** WHAT IS REQUIRED **
Retype exactly every line from the one that includes "Date: 1850–74" through the final line of the listing, both ends kept, and omit the pictures.

** DATASET **

______________________________

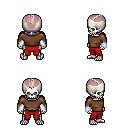
a pixel art fantasy rpg character, male body template, skeleton, brown long-sleeve shirt, red pants, white blonde short mohawk hairstyle, white cloth bracers, four views (front, back, left, right), 2x2 character sprite sheet, small pixel art, hard edges, no anti-aliasing
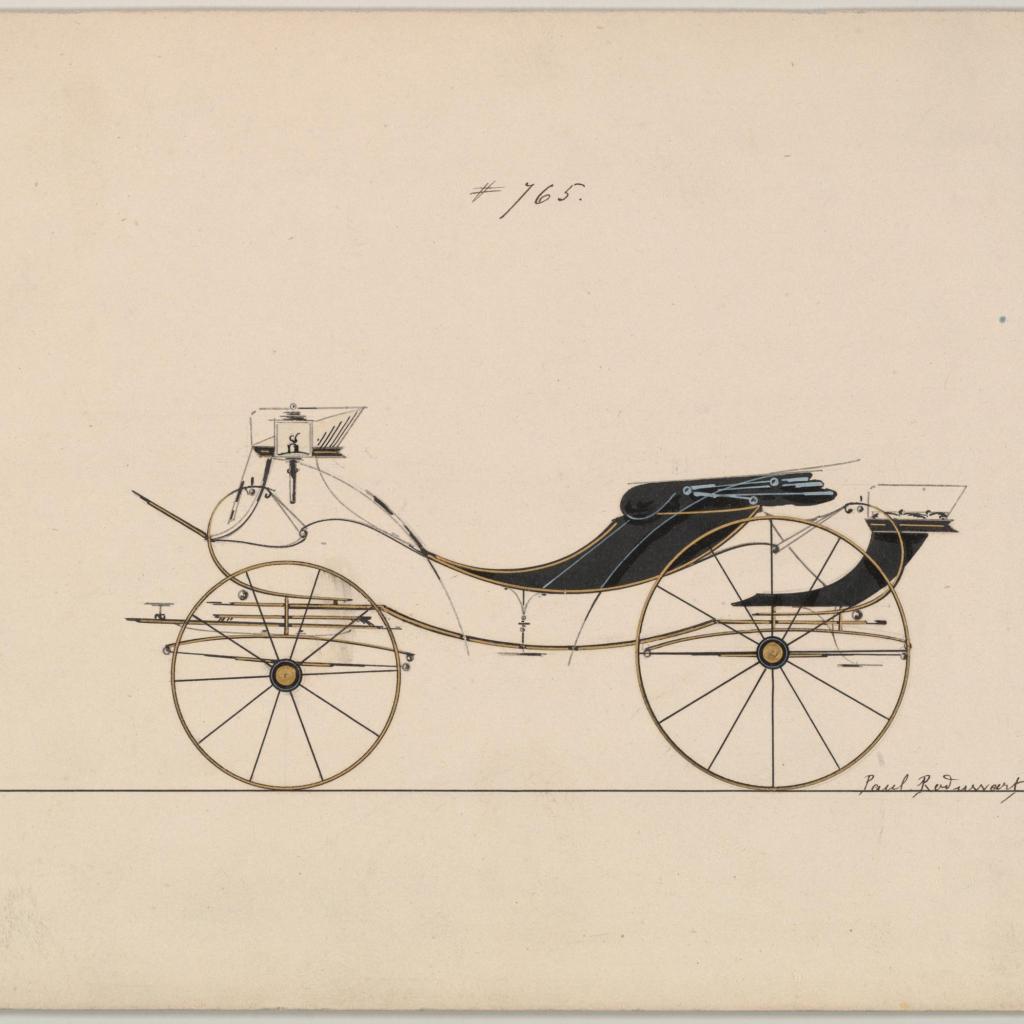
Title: Eight Spring Victoria #765
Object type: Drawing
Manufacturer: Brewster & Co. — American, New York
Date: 1850–74
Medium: Pen and black ink, watercolor and gouache with gum arabic
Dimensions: sheet: 6 3/16 x 9 1/16 in. (15.7 x 23 cm)
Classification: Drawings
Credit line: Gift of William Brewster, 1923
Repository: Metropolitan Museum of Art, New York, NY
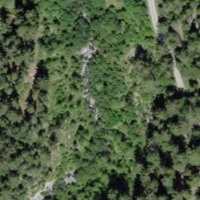
EUNIS habitat code: 43
Species observed at this site:
Sorbus aucuparia
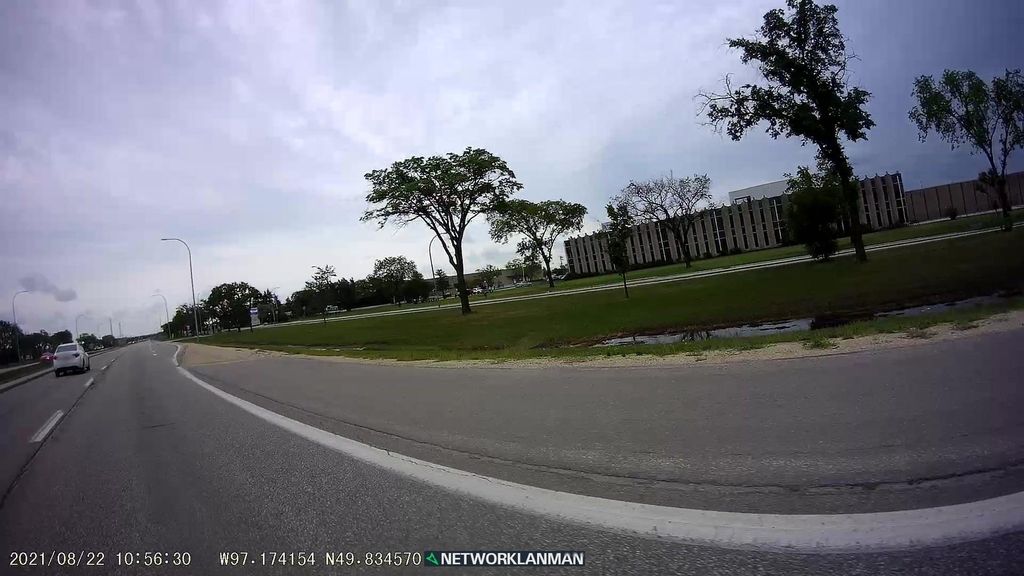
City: winnipeg

______________________________

** ANSWER SECTION **
Date: 1850–74
Medium: Pen and black ink, watercolor and gouache with gum arabic
Dimensions: sheet: 6 3/16 x 9 1/16 in. (15.7 x 23 cm)
Classification: Drawings
Credit line: Gift of William Brewster, 1923
Repository: Metropolitan Museum of Art, New York, NY
EUNIS habitat code: 43
Species observed at this site:
Sorbus aucuparia
City: winnipeg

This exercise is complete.